Study characteristics and details of disclosure. CM = complementary medicine; NR = Not reported; Disclosure rate = % of CM users. aStudies conducted different analyses on sub-populations from the same 2002 NHIS data source. bStudies use same 2001 HCQS data, with slightly different sample size and results due to how data was handled. cStudies use same 2007 NHIS data, with slightly different sample size and results due to how data was handled. dRate is % of CM users who also saw a physician. eRate is % of CM users who were also taking conventional medications. fDisclosure of CM to physician by patients from conventional clinics (19.4%) vs CM (61.2%) clinics. Following risk of bias assessment, sixteen studies were considered suitable for meta-analysis of CM disclosure rates. Two were excluded from analysis[46,52] on the basis that they used data from an earlier version of the same national survey as reported in another included manuscript[54]. Studies selected for meta-analysis represented a wide geographical spread including North America[35,54,87], Central America[88], Continental Europe[69,77,82], the United Kingdom[39], the Middle East[38,67,85], West Africa[84], and Asia[62,81]. Sample sizes included in the meta-analysis ranged from 35 to 7,493 with an average of 840 and a total of 11,754 CM users. Papers excluded due to a high risk of reporting bias represented an additional 3,222 CM users.

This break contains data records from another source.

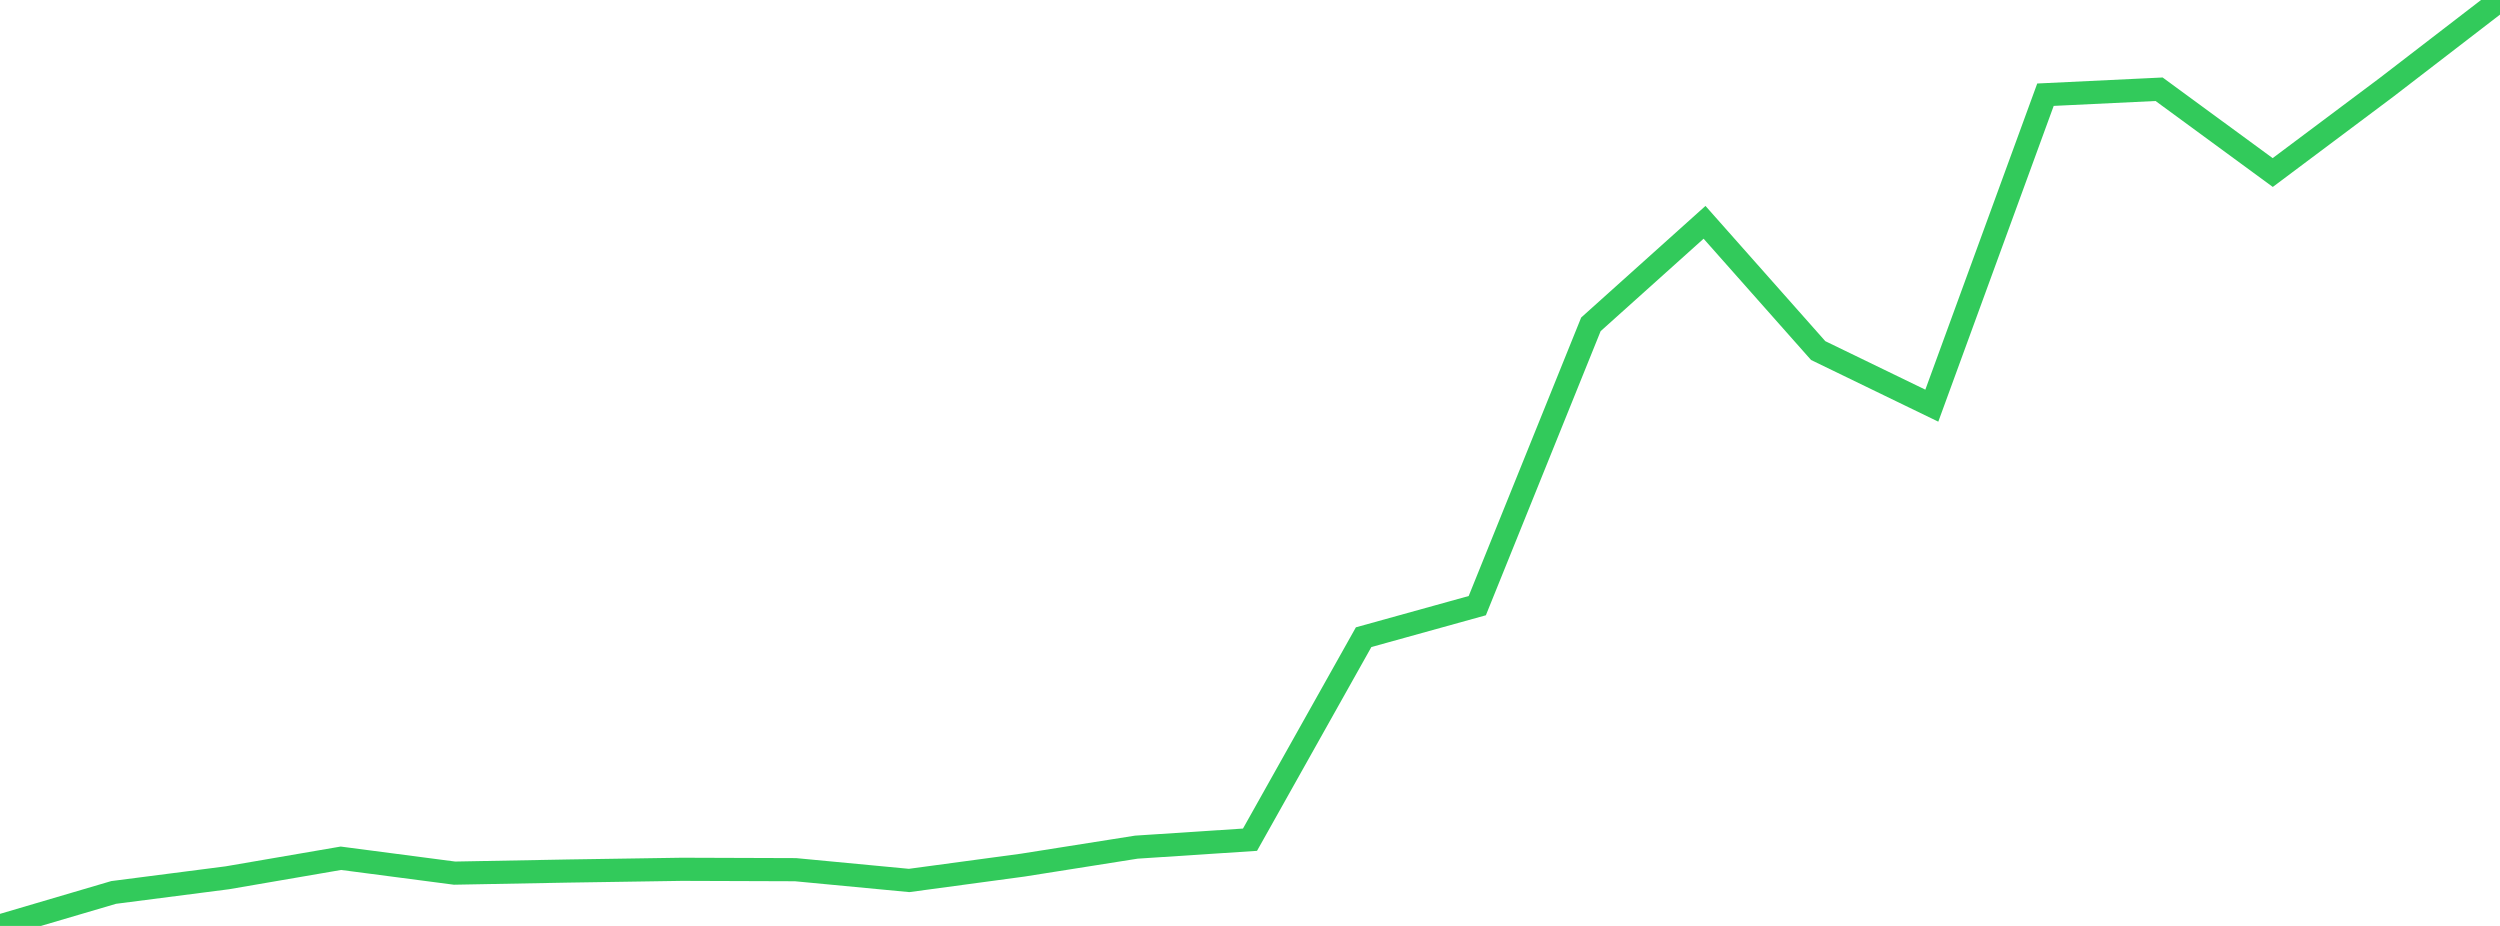 <?xml version="1.0" standalone="no"?>
<!DOCTYPE svg PUBLIC "-//W3C//DTD SVG 1.1//EN" "http://www.w3.org/Graphics/SVG/1.1/DTD/svg11.dtd">

<svg width="135" height="50" viewBox="0 0 135 50" preserveAspectRatio="none" 
  xmlns="http://www.w3.org/2000/svg"
  xmlns:xlink="http://www.w3.org/1999/xlink">


<polyline points="0.0, 50.0 6.136, 48.192 12.273, 47.401 18.409, 46.346 24.545, 47.149 30.682, 47.036 36.818, 46.942 42.955, 46.963 49.091, 47.545 55.227, 46.717 61.364, 45.746 67.5, 45.344 73.636, 34.408 79.773, 32.705 85.909, 17.514 92.045, 12.005 98.182, 18.931 104.318, 21.906 110.455, 5.114 116.591, 4.819 122.727, 9.317 128.864, 4.722 135.0, 0.0" fill="none" stroke="#32ca5b" stroke-width="1.25"/>

</svg>

Prevalence and parameters of disclosure

Rates of disclosure varied substantially across studies, ranging from 7%[114] to 80%[40]. Studies including biologically-based CM fell within a range of 7%[114] to 77%[44], while the highest rate of disclosure (80%) was reported by researchers assessing the use of mind-body medicine exclusively[40]. Parameters used for defining and measuring disclosure also varied, with the most common parameters outlined as participant disclosure of their use of CM within the last twelve months to a medical provider (n = 30)[31-33,36,38,40,45-50,52,54,57,62,65,67,68,70,71,73,81,82,84,85,87,88,95,100,115,116]. Others studies examined participants’ disclosure to a medical provider of their current CM use[35,74,77-79,83,98,109,111], use within the last month[34,53,69,86], use within the last 24 months[50,51], had always/usually/sometimes/never disclosed[39,59,60,66,72,110], had ever discussed their CM use with a conventional provider[37,43,64,75,76], had partially or fully disclosed their CM use[56,114], had disclosed when asked[41], had discussed before use[92], reported rates of disclosure per episode of use[89], or how the patient felt about disclosing[80,112]. A number of papers did not explicitly define their parameters for measuring disclosure[42,44,55,58,61,63,90,91,93,94,96,97,99,101-108,113]. The outcomes of the meta-analysis of the rate of disclosure of CM use by individuals using biologically-based CM is presented in Fig. 2. The measure of central tendency provided an overall disclosure rate of 33% (95% CI 24·1% to 42·8%, I2 = 98·6%). Between the fourteen included studies, the lowest reported disclosure rate was 12% and the highest was 59%. Heterogeneity was assessed across the fourteen samples (Q-value 904.955, p < 0.001, I2 = 98.563). Although homogeneity was affected by the substantially larger sample size in Jou et al.’s 2016 study[54], the paper was not excluded as it used a strong, internationally recognised dataset with very low risk of bias. The employment of a random effects model accounted for the impact of this study on homogeneity and its inclusion was not found to impact significantly on the measure of consistency within this model.
Figure 2

Meta-analysis results: disclosure rates for biologically-based complementary medicine. Results of meta-analysis assessing rates of disclosure of biologically-based complementary medicine use to medical providers.

Meta-analysis results: disclosure rates for biologically-based complementary medicine. Results of meta-analysis assessing rates of disclosure of biologically-based complementary medicine use to medical providers.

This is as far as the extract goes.